57. Reverse Phalen’s Test
Procedure: Instruct the patient to extend the affected
wrist and have him grip your hand. With your
opposite thumb, press on the carpal tunnel.
Rationale: Extending the hand and providing pressure
over the carpal tunnel further constricts the tunnel.
Tingling may indicate compression of the medial
nerve.
59. Ulnar Tunnel Syndrome
The ulnar nerve travels through the tunnel of Guyon
and innervates the muscles of the little and ring
fingers.
Ulnar nerve syndrome is a compression neuropathy of
the ulnar nerve.
61. Ulnar Tunnel Syndrome
Clinical Signs and Symptoms
Pain over the little and ring finger
Weakness of grip
Difficulty with finger spreading
Claw hand
62. Ulnar Tunnel Triad
Procedure: Inspect and palpate the patient’s wrist,
looking for tenderness over the ulnar tunnel, clawing
of the ring finger, and hypothenar wasting.
Rationale: All of these signs are indicative of ulnar
nerve compression possibly in the tunnel of Guyon.
64. Stenosing Tenosynovitis
Stenosing tenosynovitis in the wrist affects the tendon
and sheath of the abductor pollicis longus and
extensor pollicis brevis.
It is also termed de Quervain’s or Hoffman’s disease.
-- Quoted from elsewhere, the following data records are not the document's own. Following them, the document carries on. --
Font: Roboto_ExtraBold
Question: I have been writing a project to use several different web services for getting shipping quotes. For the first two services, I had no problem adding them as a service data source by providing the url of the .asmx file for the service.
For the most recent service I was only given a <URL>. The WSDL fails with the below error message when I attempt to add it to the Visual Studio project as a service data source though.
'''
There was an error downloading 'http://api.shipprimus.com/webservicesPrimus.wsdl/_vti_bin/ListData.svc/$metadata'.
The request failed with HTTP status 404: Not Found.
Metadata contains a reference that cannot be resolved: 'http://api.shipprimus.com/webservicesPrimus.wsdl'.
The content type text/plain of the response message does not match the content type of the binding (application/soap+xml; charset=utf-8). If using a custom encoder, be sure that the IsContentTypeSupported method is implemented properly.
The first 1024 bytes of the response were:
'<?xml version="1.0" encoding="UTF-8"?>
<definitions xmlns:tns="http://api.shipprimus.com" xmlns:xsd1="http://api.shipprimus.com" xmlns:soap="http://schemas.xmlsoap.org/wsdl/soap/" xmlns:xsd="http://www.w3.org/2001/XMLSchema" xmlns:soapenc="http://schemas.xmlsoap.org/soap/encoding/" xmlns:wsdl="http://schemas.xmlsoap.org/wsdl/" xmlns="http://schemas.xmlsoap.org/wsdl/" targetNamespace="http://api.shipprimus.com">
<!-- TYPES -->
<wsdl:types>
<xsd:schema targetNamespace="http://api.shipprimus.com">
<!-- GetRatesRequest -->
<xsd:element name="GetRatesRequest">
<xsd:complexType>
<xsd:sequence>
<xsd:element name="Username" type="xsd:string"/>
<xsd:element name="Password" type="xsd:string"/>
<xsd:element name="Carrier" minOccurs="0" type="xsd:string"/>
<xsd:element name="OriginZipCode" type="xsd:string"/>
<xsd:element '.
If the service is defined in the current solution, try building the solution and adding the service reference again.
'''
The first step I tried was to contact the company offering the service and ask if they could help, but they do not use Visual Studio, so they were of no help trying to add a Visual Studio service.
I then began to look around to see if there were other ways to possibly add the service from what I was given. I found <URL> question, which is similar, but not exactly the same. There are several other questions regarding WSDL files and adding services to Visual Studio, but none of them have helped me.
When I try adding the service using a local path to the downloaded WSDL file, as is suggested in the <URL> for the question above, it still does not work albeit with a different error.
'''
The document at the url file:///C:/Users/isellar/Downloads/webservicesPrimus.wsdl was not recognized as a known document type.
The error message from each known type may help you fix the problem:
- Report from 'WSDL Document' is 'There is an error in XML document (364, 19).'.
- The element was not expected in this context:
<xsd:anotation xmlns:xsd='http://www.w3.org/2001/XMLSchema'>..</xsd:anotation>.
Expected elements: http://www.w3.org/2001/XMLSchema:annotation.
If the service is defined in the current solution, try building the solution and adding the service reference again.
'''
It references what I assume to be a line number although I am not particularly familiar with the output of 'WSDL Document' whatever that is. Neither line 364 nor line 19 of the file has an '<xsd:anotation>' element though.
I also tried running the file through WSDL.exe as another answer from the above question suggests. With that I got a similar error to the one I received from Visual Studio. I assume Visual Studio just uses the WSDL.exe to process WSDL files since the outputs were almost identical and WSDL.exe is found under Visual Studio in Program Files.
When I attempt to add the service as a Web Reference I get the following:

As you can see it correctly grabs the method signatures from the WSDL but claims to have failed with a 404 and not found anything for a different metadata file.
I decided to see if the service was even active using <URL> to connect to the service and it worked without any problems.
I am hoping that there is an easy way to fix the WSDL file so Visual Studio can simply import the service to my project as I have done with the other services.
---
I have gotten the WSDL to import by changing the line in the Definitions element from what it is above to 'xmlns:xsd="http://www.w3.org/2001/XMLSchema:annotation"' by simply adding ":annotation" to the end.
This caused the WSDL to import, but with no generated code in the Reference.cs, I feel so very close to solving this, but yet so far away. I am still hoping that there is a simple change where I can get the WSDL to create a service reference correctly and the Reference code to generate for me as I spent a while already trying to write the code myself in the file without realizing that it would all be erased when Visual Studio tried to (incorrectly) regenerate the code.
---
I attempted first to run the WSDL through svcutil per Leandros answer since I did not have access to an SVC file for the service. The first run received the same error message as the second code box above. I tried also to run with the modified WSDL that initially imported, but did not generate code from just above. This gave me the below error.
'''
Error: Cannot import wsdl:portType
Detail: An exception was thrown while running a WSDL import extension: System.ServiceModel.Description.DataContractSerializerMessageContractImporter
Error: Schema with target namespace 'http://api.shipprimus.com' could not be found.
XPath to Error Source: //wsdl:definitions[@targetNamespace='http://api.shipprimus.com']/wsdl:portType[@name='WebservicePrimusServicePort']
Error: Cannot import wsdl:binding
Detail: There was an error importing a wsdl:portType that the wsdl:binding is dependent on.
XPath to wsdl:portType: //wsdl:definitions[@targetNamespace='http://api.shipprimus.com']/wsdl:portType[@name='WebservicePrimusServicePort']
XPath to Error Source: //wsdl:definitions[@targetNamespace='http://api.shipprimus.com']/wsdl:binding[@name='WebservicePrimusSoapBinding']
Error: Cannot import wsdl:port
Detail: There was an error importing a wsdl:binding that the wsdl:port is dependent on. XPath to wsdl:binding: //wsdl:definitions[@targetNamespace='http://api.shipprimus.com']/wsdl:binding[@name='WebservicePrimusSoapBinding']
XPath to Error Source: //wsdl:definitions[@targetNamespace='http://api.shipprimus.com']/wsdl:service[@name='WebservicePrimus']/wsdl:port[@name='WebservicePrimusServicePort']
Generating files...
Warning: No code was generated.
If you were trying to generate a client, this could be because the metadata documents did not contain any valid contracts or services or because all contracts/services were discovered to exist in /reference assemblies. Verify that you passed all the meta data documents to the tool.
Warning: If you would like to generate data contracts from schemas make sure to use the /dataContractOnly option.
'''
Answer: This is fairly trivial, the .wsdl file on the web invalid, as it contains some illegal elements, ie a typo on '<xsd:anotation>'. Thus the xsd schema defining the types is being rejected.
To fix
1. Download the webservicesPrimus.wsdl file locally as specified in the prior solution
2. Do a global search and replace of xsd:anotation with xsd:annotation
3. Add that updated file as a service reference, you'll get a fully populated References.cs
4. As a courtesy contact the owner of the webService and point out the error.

Swelling of the tendons and thickening of the sheaths
that they pass through is due to an overuse condition
of the wrist and thumb.
65. Stenosing Tenosynovitis
Clinical Signs and Symptoms
Painful wrist and thumb during movement
Swelling over the radial styloid
Tendons and sheath tender to palpation
67. Finkelstein’s Test
Procedure: Instruct the patient to make a fist with the
thumb across the palmar surface of the hand and to
stress the wrist medially.
Rationale: Making a fist and stressing it medially will
stress the abductor pollicis longus and extensor
pollicis brevis tendons. Pain in the distal styloid
process of the radius indicates stenosing tenosynovitis
of the tendons (de Quervain’s disease).